JOC: Em todo o tempo de existência do projeto, tem alguma história especial que ficou na sua mente?
JMP: Como a gente vive isso diariamente, são realmente muitas histórias. Mas há pouco tempo estávamos em Ponta Grossa, e ali uma senhora, na UTI, estava muito debilitada, com vários acessos, enfraquecida. E então eu fui especificamente no local onde ela estava, junto com a coordenação médica, psicólogo e tudo mais, e então tem momentos em que eu toco a música religiosa, por exemplo, então toquei ali o Hino à Família, do Padre Zezinho, e quando comecei a tocar, imediatamente ela esboçou uma reação, ela virou para o lado e falou “Eu amo o Padre Zezinho” e ela cantou junto a música. Três minutos depois o semblante dela estava diferente, ela estava com semblante com mais ânimo.
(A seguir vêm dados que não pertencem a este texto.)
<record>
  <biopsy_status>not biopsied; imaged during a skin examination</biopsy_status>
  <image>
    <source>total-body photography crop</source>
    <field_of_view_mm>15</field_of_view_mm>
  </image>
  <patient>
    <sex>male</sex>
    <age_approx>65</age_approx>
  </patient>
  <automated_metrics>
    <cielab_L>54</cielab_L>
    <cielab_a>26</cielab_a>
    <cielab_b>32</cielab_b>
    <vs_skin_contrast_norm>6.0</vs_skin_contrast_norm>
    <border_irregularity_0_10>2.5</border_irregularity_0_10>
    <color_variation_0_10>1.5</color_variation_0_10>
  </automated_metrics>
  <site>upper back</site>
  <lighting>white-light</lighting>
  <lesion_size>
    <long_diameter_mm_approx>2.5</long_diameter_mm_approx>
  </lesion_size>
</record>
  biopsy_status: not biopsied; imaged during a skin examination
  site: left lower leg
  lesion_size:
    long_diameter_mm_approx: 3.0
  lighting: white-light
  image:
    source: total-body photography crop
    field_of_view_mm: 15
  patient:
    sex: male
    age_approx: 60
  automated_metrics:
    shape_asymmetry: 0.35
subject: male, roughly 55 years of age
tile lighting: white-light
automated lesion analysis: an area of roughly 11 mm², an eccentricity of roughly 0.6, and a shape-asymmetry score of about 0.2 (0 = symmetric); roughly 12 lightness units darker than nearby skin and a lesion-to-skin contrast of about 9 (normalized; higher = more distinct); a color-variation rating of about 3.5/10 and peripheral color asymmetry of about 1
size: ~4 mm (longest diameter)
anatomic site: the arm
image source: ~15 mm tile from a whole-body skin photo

Muitas vezes a música faz isso. É um momento, é uma chave que é virada ali, a pessoa ganha esse fôlego, recordações. Então são muitos momentos como esse, e nesse tempo já são mais de 22 mil minutos de música que nós tocamos dentro de hospitais, mais de 100 horas dentro de UTIs, então é bastante tempo. São realmente muitas experiências. Já passamos por mais de 80 instituições, dois estados. A gente mantém o projeto em Florianópolis e em Curitiba, e eventualmente a gente faz edições especiais como essa. É o nosso trabalho diário fazer música. Eu sempre digo que são locais onde quase ninguém quer estar. Então ali a gente precisa abraçar as pessoas e fazer com que a música cumpra esse papel.
(…) O mundo prega muita individualidade. E nós estamos aqui para cumprir uma missão. Cada um de nós tem uma missão. Quando você acorda de manhã, poxa, já é o maior presente que você tem no dia. Então aprecie, agradeça por esse dia e faça algo por uma outra pessoa. Faça algo por alguém. Nós passamos por muitos asilos e ali nós podemos perceber muitas vezes o quanto é necessário um abraço, uma palavra amiga, um carinho, uma presença, a simples presença. Procure um asilo, visite, não precisa comprar nada. Não precisa investir em nada. É só investir um pouco do seu tempo, e tempo tem nós temos 24 horas, todos os dias, para fazer o bem para outras pessoas também. Pense nisso e você vai ver que a sua vida vai ganhar um novo significado.